Does God honor a marriage after adultery?
Scripture neither automatically dissolves a marriage after adultery nor requires its continuation. Rather, it presents a tension between the ideal of marriage permanence and the reality of human brokenness.
Jesus recognized sexual immorality (Greek porneia) as grounds for divorce in Matthew 19:9, implicitly permitting divorce after adultery. Yet his teaching consistently emphasized God’s original design for marriage permanence (Matthew 19:8). This tension creates space for multiple faithful responses to adultery, depending on circumstances, genuine repentance, and the damaged party’s capacity for rebuilding trust.

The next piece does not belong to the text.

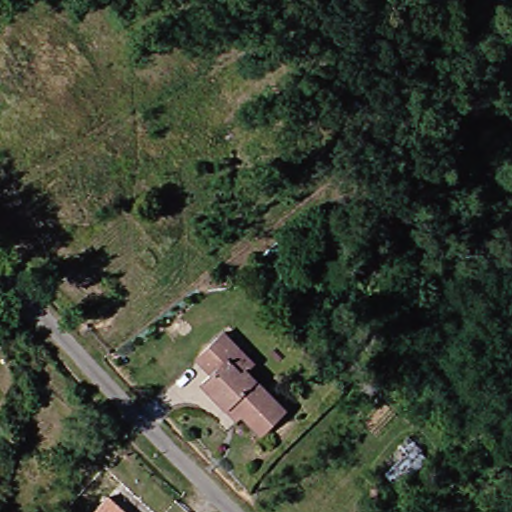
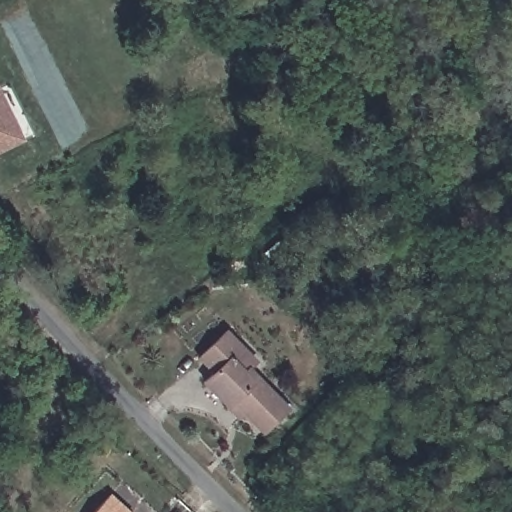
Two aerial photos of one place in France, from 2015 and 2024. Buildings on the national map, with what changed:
new [(0,153),(0,90),(25,142),(0,153)]
unchanged [(229,407),(205,382),(216,372),(202,357),(230,332),(249,352),(258,362),(252,369),(291,411),(270,431),(257,417),(247,426),(229,407)]
unchanged [(112,497),(129,512),(98,512),(112,497)]

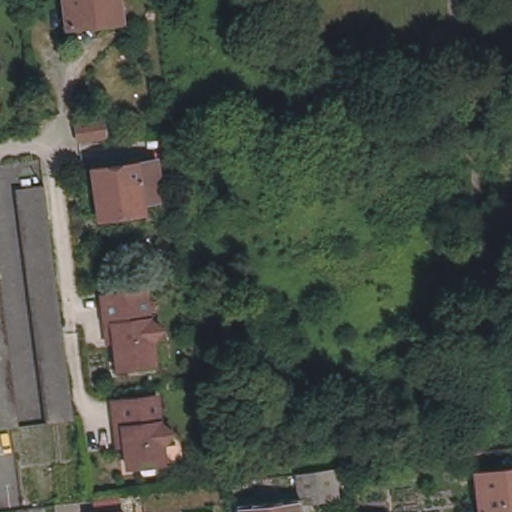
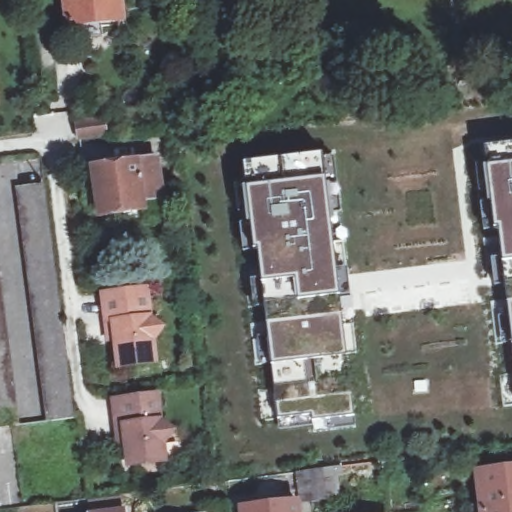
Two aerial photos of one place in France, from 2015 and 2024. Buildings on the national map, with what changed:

Biblical examples like Hosea demonstrate God’s call to reconciliation in some circumstances, while other passages recognize the legitimacy of separation after sexual betrayal. What Scripture consistently emphasizes is that God remains engaged with both parties, offering forgiveness to the repentant and comfort to the betrayed, regardless of whether the marriage continues.
What is the punishment for adultery in the Bible?
The legal punishment for adultery evolved throughout biblical history. The Torah prescribed death for both participants (Leviticus 20:10, Deuteronomy 22:22), reflecting adultery’s gravity as both moral sin and social threat in ancient Israel.
But, by New Testament times, implementation of this penalty had become rare. John 8:1-11 reveals that while the legal possibility of stoning remained, Jesus redirected the conversation toward universal sinfulness and the possibility of repentance and transformation.
Paul maintained adultery’s serious nature, listing adulterers among those who “will not inherit the kingdom of God” (1 Corinthians 6:9-10) but immediately adding that transformation is possible through Christ. The emphasis shifted from legal penalty to spiritual consequence, repentance, and restoration.
Contemporary applications vary across Christian traditions, but typically focus on church discipline rather than civil punishment. This might include temporary exclusion from communion, required counseling, or stepping down from leadership positions. The goal of such discipline is consistently described as restoration rather than punishment (Galatians 6:1).